Work task: Beginning with the line that contains "Question: What text is written in this image?" and ending with the line that contains "Character: 踤", reproduce the lines of the entries below exactly, omitting pictures.

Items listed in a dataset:
=====
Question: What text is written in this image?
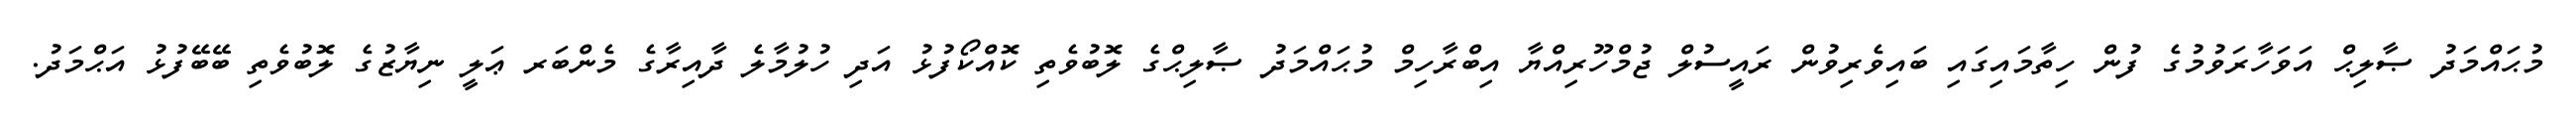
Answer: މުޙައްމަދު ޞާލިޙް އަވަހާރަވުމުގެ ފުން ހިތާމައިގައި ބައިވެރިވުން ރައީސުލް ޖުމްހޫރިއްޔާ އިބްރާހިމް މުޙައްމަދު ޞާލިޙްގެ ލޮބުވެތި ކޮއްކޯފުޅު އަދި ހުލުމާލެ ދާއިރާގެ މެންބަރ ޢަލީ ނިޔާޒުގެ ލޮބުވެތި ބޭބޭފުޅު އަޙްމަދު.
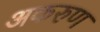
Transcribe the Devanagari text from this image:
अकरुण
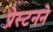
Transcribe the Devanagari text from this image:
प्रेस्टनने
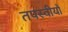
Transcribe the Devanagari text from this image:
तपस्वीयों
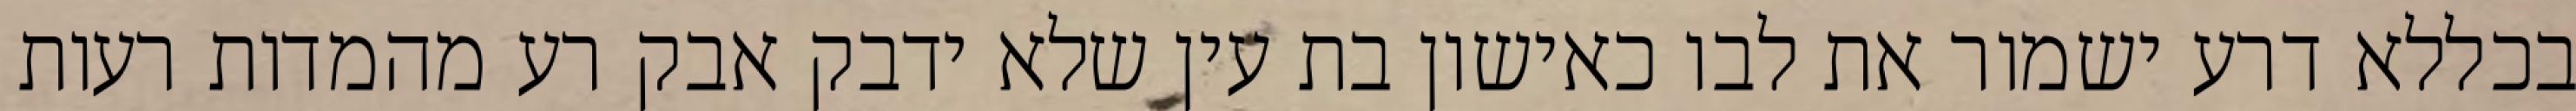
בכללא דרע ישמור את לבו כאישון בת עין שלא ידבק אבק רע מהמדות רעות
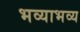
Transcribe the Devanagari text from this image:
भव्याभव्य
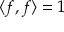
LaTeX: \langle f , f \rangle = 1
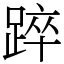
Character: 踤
=====
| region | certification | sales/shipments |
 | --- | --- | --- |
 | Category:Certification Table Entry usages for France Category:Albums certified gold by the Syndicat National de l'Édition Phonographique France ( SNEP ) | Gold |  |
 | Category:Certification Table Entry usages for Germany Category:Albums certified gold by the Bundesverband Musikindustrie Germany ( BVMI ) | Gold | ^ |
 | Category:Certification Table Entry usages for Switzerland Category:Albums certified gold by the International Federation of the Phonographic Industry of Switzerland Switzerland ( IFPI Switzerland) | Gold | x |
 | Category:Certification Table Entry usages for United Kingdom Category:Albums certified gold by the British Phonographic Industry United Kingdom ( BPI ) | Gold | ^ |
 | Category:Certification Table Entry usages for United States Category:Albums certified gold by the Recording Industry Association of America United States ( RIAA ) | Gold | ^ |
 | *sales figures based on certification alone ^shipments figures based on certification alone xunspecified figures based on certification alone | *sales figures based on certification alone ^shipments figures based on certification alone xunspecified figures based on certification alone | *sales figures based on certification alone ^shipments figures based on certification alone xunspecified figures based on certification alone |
=====
Task output:
Question: What text is written in this image?
Answer: މުޙައްމަދު ޞާލިޙް އަވަހާރަވުމުގެ ފުން ހިތާމައިގައި ބައިވެރިވުން ރައީސުލް ޖުމްހޫރިއްޔާ އިބްރާހިމް މުޙައްމަދު ޞާލިޙްގެ ލޮބުވެތި ކޮއްކޯފުޅު އަދި ހުލުމާލެ ދާއިރާގެ މެންބަރ ޢަލީ ނިޔާޒުގެ ލޮބުވެތި ބޭބޭފުޅު އަޙްމަދު.
Transcribe the Devanagari text from this image:
अकरुण
Transcribe the Devanagari text from this image:
प्रेस्टनने
Transcribe the Devanagari text from this image:
तपस्वीयों
בכללא דרע ישמור את לבו כאישון בת עין שלא ידבק אבק רע מהמדות רעות
Transcribe the Devanagari text from this image:
भव्याभव्य
LaTeX: \langle f , f \rangle = 1
Character: 踤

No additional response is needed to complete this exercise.